Mohon tunggu...
INASTIANING DYAS DAHANA PUTRI
INASTIANING DYAS DAHANA PUTRI Mohon Tunggu... Mahasiswa - Penulis

Penulis yang berfikir Obyektif dan realitis

Selanjutnya

Tutup

Cerpen Pilihan

Mencintaimu dalam Diam

8 Juli 2024   20:09 Diperbarui: 8 Juli 2024   20:21 30
+
Laporkan Konten
Laporkan Akun
Kompasiana adalah platform blog. Konten ini menjadi tanggung jawab bloger dan tidak mewakili pandangan redaksi Kompas.

Di sudut kampus yang sepi, aku sering melihatmu. Kau duduk di sana, di bangku dekat pohon besar, tenggelam dalam buku-buku tebal. Matamu yang tajam selalu terlihat serius, namun ada sesuatu yang lembut di balik tatapan itu, sesuatu yang membuatku tak bisa mengalihkan pandangan. Aku, jatuh cinta padamu sejak pertama kali melihatmu.

Namun, aku tidak pernah berani menyatakannya. Aku hanya mampu mencintaimu dalam diam, dari kejauhan, tanpa pernah berani mendekat. Setiap hari, aku mencari alasan untuk bisa melihatmu. Mencari-cari kesempatan untuk berada di dekatmu meski hanya beberapa detik. Hatiku selalu berdebar kencang setiap kali berada di sekitarmu, namun bibirku selalu terkatup rapat, takut mengungkapkan perasaan yang begitu dalam.

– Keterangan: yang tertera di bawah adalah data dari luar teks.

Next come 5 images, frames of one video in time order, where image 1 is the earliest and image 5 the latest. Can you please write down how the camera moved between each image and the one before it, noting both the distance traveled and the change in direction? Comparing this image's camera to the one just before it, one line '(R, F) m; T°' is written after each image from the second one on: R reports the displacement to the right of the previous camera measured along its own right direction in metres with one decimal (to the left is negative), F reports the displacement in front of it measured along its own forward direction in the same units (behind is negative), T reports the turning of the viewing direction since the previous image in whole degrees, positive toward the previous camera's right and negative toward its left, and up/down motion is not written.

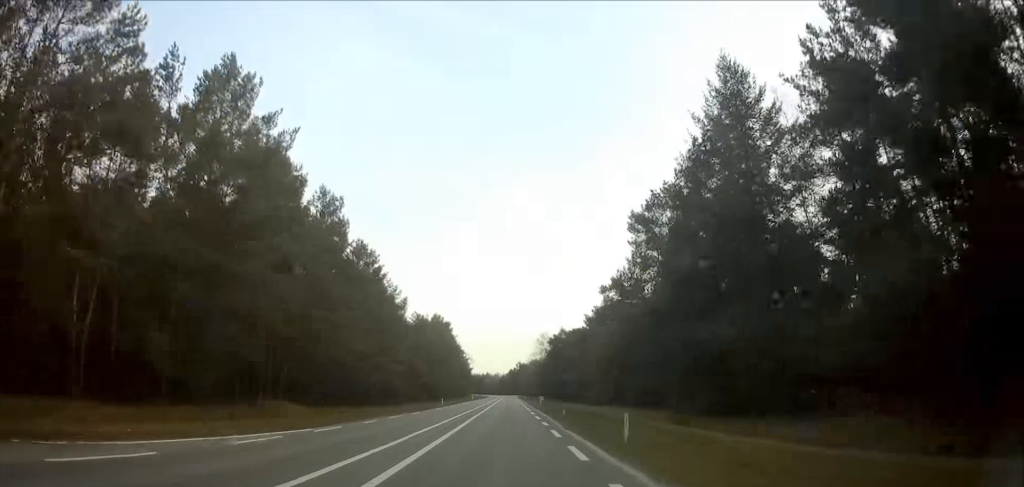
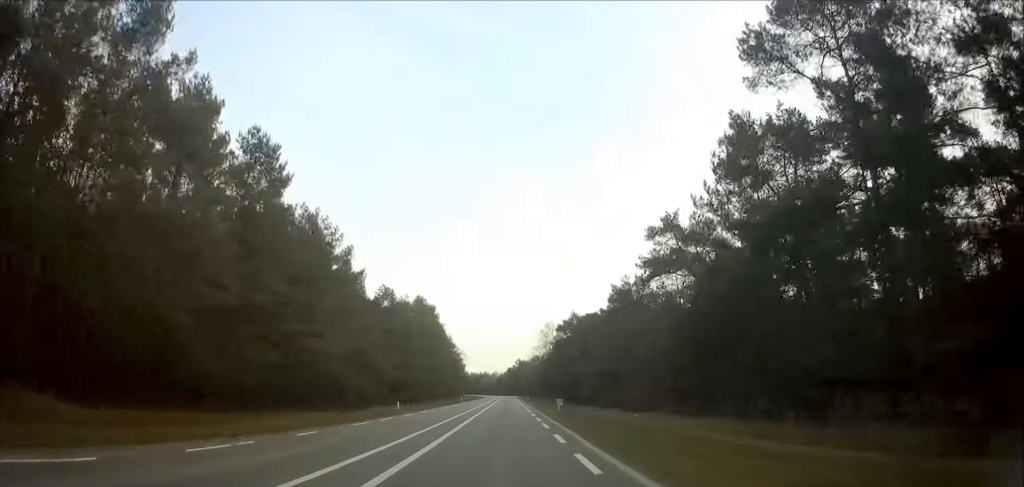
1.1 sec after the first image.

Waktu berlalu, dan aku tetap menyimpan perasaanku. Hingga suatu hari, aku melihatmu bersama seseorang. Kalian terlihat begitu bahagia bersama, tertawa dan bercanda. Hatiku hancur melihat pemandangan itu. Perasaan sakit yang tak bisa diungkapkan dengan kata-kata menyelimuti hatiku. Cemburu, marah, dan rasa kehilangan bercampur menjadi satu.

Aku merasa bodoh. Bodoh karena tidak pernah berani menyatakan perasaanku padamu. Bodoh karena membiarkan diriku terjebak dalam perasaan yang tak pernah terungkap. Setiap kali melihat kalian bersama, hatiku semakin hancur. Aku mencoba menghindar, mencoba melupakan perasaanku, namun semua usaha itu sia-sia.

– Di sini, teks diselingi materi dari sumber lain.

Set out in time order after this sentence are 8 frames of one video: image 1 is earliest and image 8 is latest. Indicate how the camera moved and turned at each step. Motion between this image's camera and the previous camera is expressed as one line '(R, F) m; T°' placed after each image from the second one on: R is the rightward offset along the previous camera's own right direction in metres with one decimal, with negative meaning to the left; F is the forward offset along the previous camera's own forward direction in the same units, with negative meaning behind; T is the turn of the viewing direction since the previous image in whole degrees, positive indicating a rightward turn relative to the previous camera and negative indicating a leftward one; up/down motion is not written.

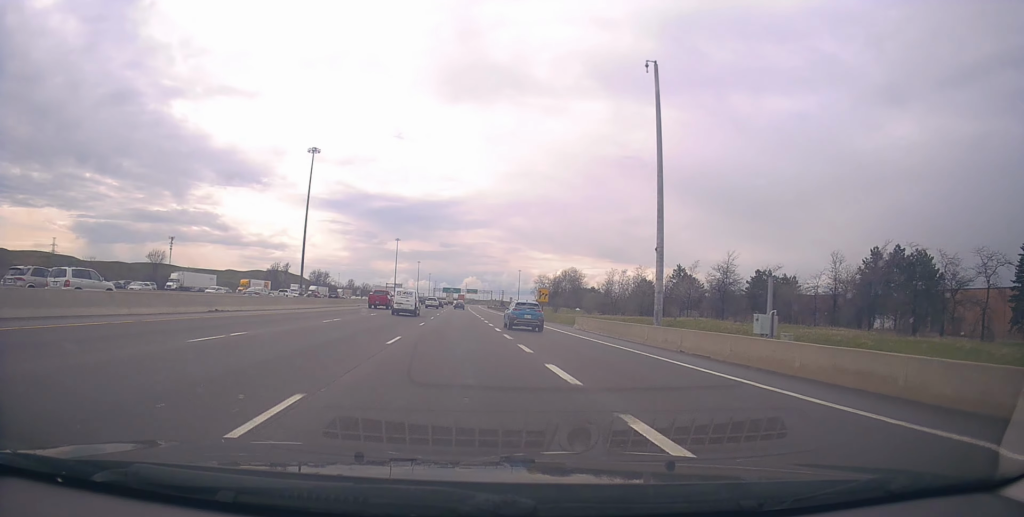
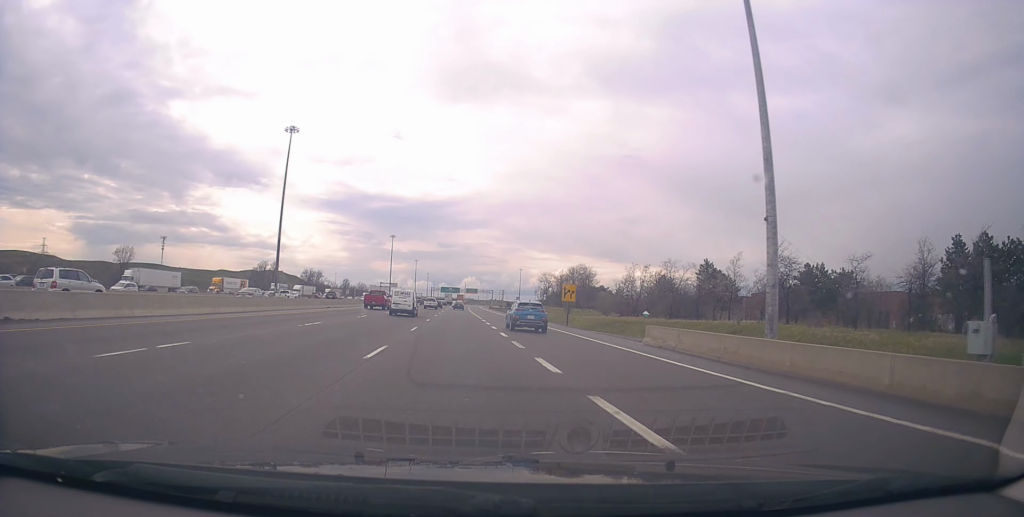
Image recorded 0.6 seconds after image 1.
(-0.1, +16.3) m; 0°
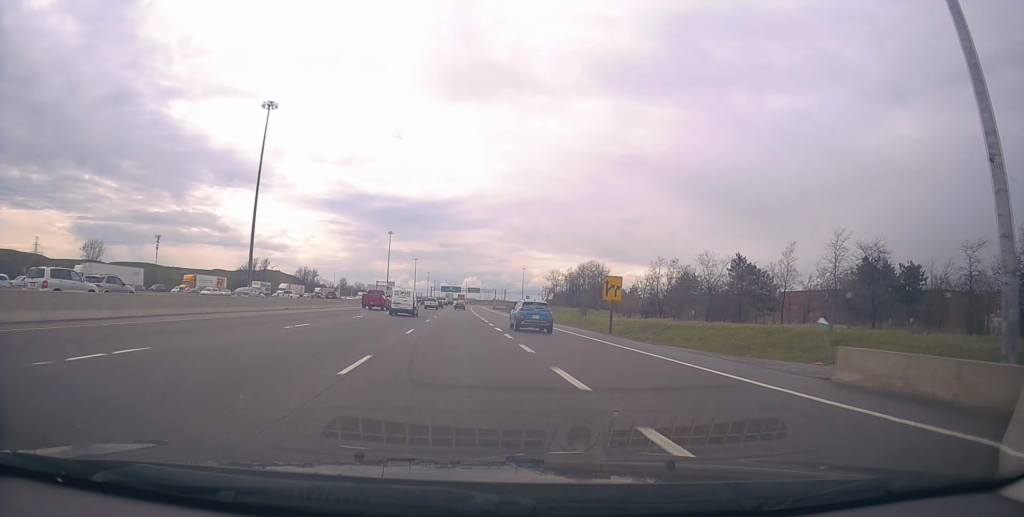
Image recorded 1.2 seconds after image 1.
(-0.1, +14.1) m; 0°
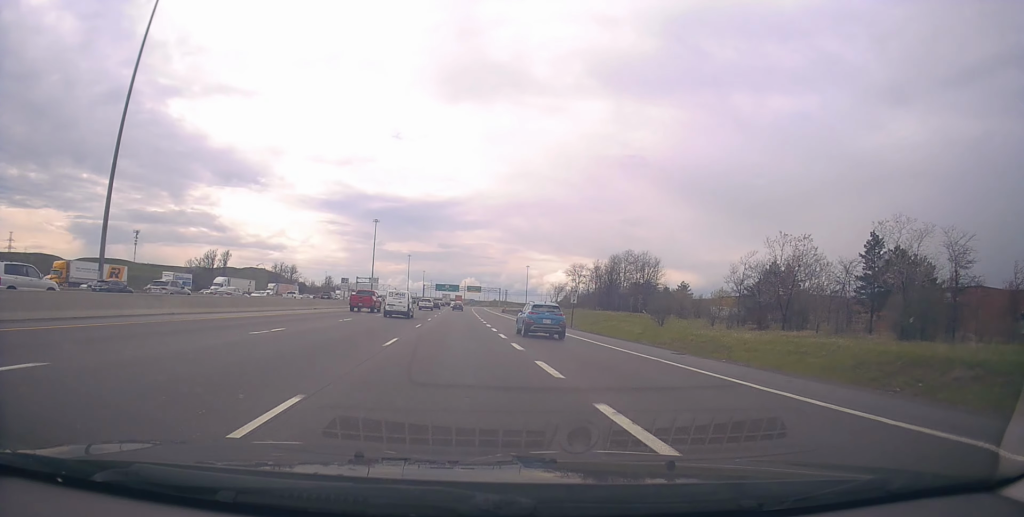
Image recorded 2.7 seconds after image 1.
(-0.4, +39.4) m; 0°
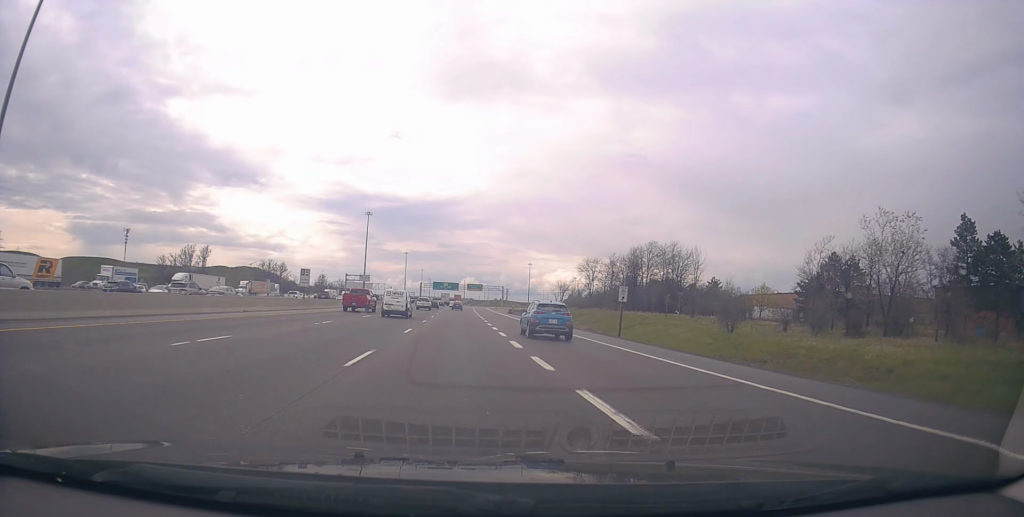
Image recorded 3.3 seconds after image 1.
(-0.1, +16.7) m; +1°
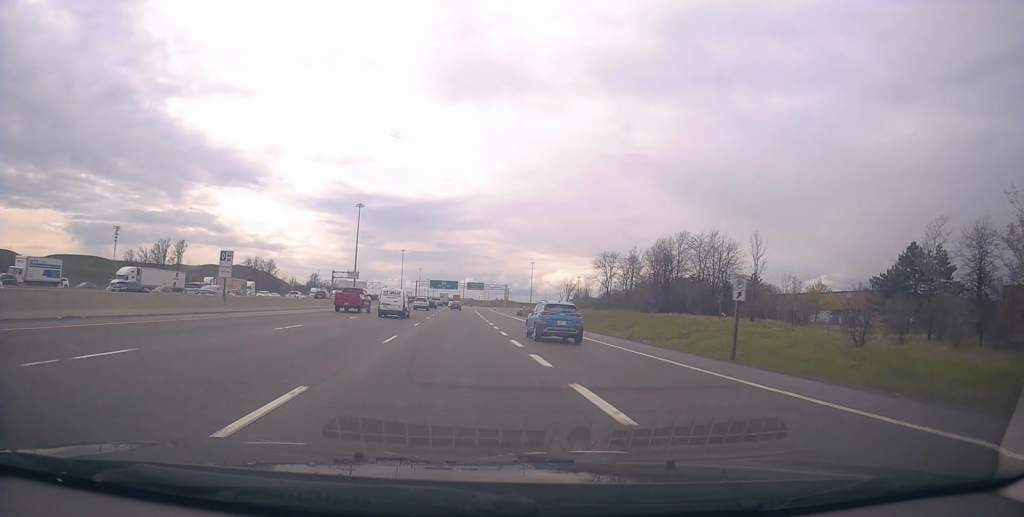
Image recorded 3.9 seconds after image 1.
(+0.4, +16.4) m; +1°
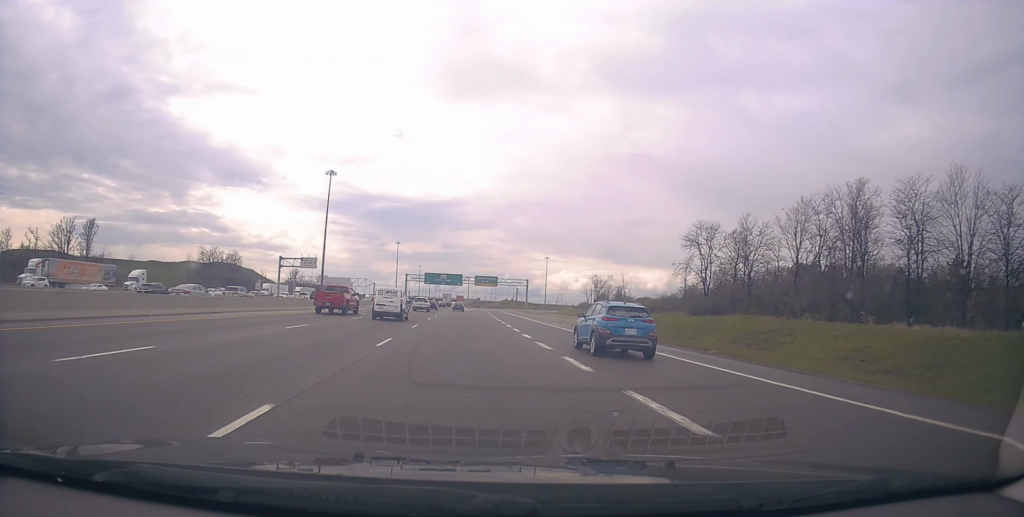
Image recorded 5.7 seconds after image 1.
(-0.2, +47.2) m; -1°
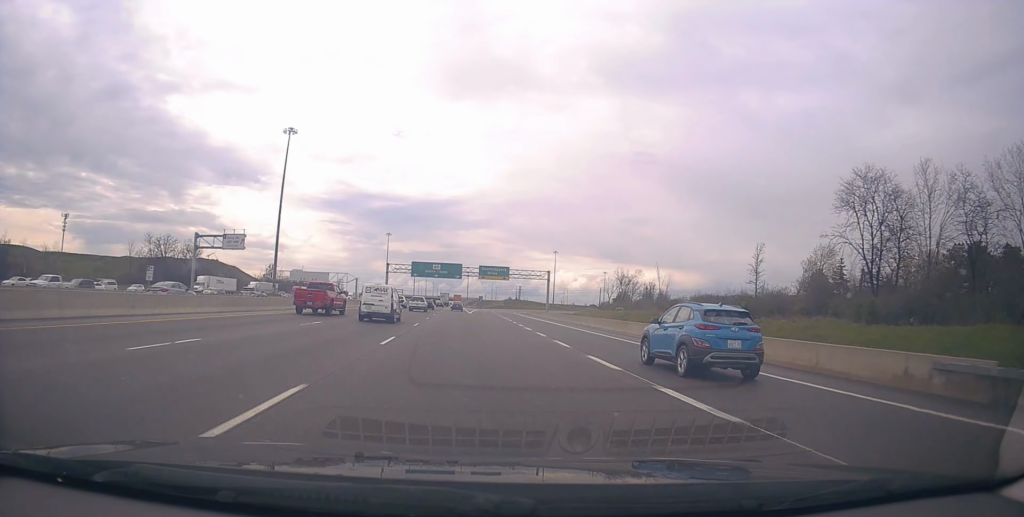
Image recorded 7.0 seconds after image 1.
(-0.1, +34.6) m; 0°

Hari-hari berikutnya menjadi siksaan bagiku. Setiap kali melihat kalian berdua, hatiku terasa seperti disayat-sayat. Aku tidak bisa lagi menikmati hari-hariku seperti dulu. Kehadiranmu yang dulu selalu menjadi kebahagiaanku, kini berubah menjadi sumber penderitaanku. Aku mencintaimu, tapi tidak bisa memilikimu. Aku cemburu, tapi tidak berhak merasakan itu.

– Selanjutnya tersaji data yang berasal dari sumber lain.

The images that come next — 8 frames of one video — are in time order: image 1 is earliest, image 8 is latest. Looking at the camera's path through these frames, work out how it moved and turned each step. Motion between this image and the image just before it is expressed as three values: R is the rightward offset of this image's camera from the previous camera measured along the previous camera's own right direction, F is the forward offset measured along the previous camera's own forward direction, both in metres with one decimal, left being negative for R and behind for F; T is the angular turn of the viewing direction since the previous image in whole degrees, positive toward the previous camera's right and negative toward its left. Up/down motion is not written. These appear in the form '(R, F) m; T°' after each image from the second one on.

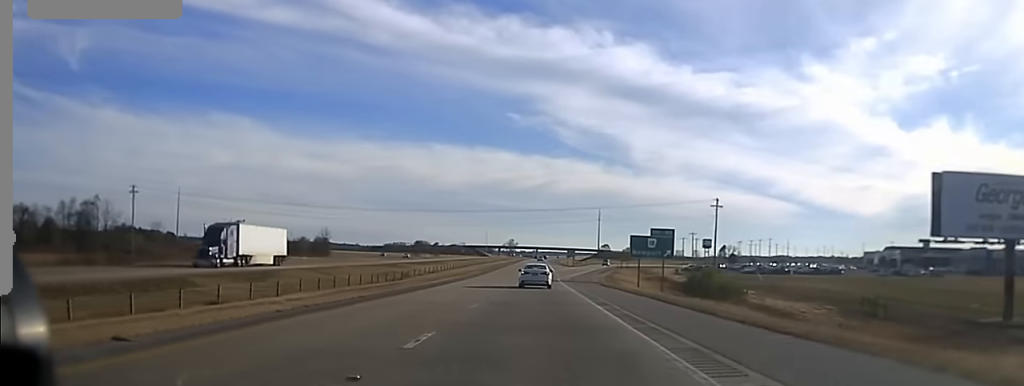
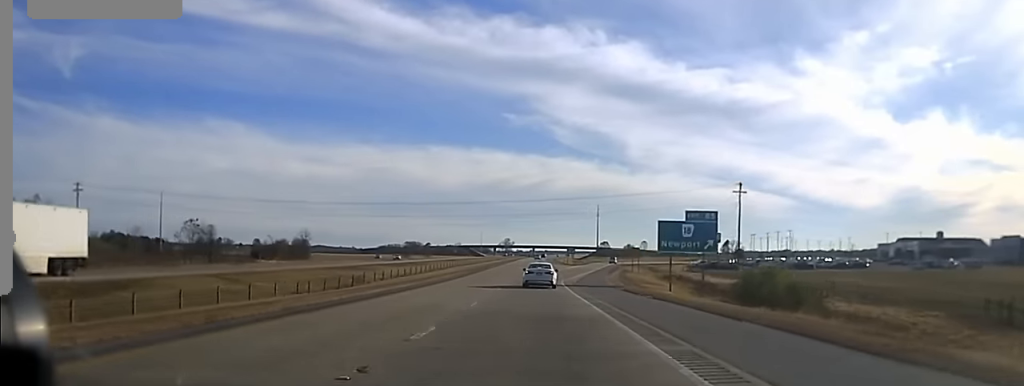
(-0.4, +23.5) m; 0°
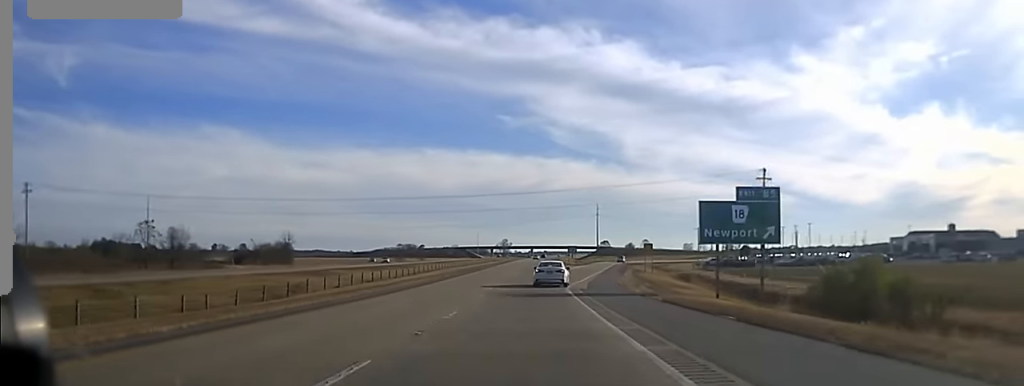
(-0.2, +18.2) m; 0°
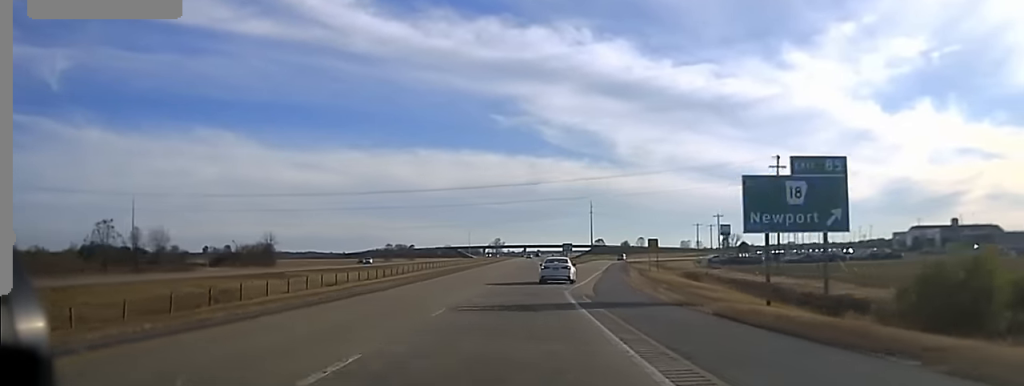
(+0.3, +11.9) m; +1°
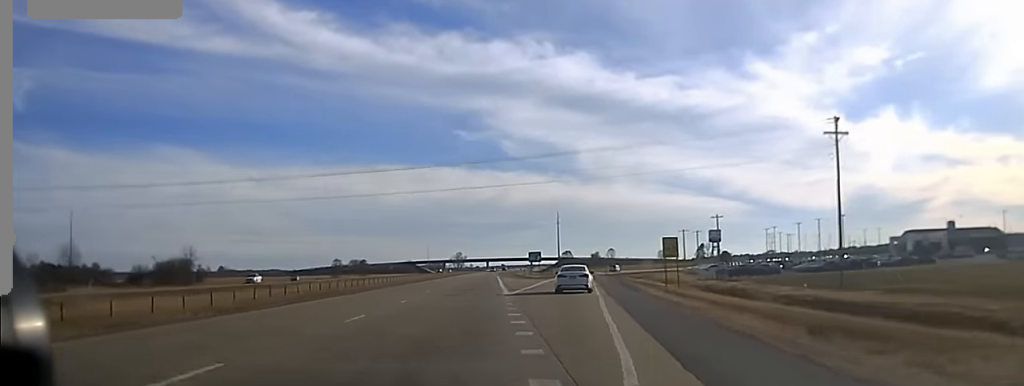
(+0.5, +37.5) m; +1°
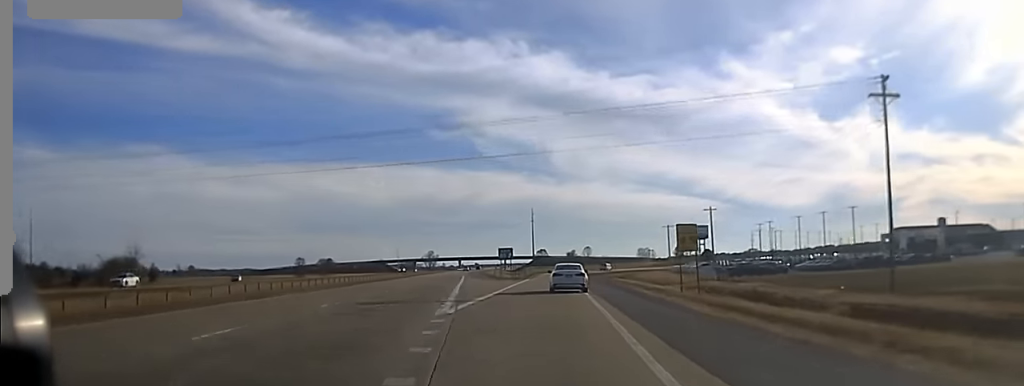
(+0.2, +18.3) m; +2°
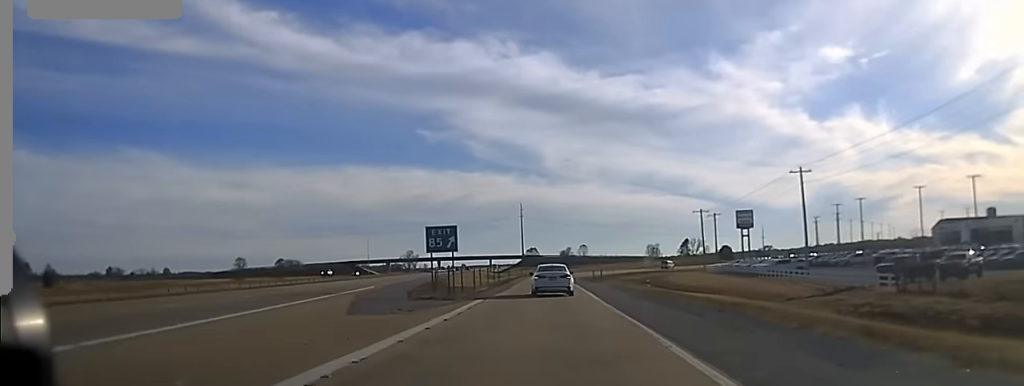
(+3.7, +58.8) m; +4°
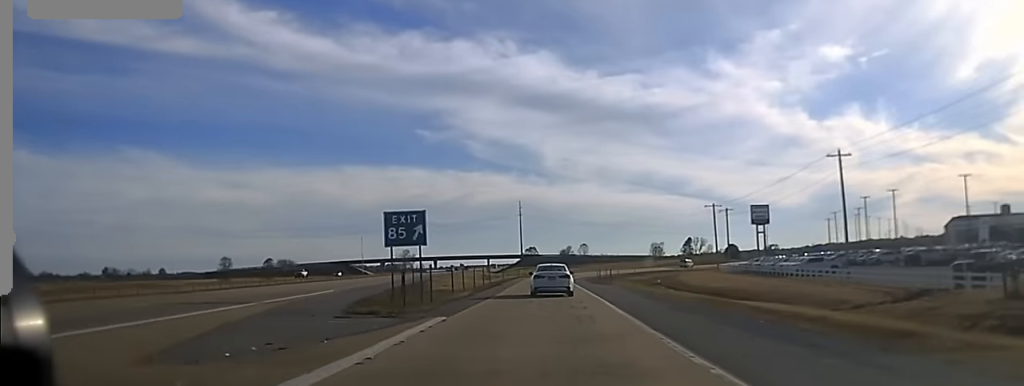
(-0.1, +13.8) m; -1°

Suatu hari, ketika aku sedang duduk sendirian di sudut kampus, tenggelam dalam kesedihan, kamu datang menghampiriku. "Hai, boleh aku duduk di sini?" tanyamu dengan senyum yang selalu membuat hatiku bergetar. Aku hanya bisa mengangguk, tanpa bisa berkata apa-apa.

Kamu duduk di sebelahku, mengeluarkan buku dari tasmu. "Kamu sering duduk di sini ya? Aku sering melihatmu," katamu sambil tersenyum. Aku terkejut mendengar itu. Ternyata kamu memperhatikanku juga.

"Iya, aku suka tempat ini," jawabku pelan, mencoba menenangkan diriku yang gugup.

Kita mulai berbicara, dan untuk pertama kalinya, aku merasa dekat denganmu. Hatiku yang terluka perlahan mulai sembuh. Tapi perasaan cemburu dan sakit hati itu masih ada, menyisakan luka yang sulit untuk sembuh. Aku ingin bertanya tentang pria itu, tapi aku takut mendengar jawabannya.

Akhirnya, dengan suara yang bergetar, aku memberanikan diri bertanya, "Apakah dia pacarmu?"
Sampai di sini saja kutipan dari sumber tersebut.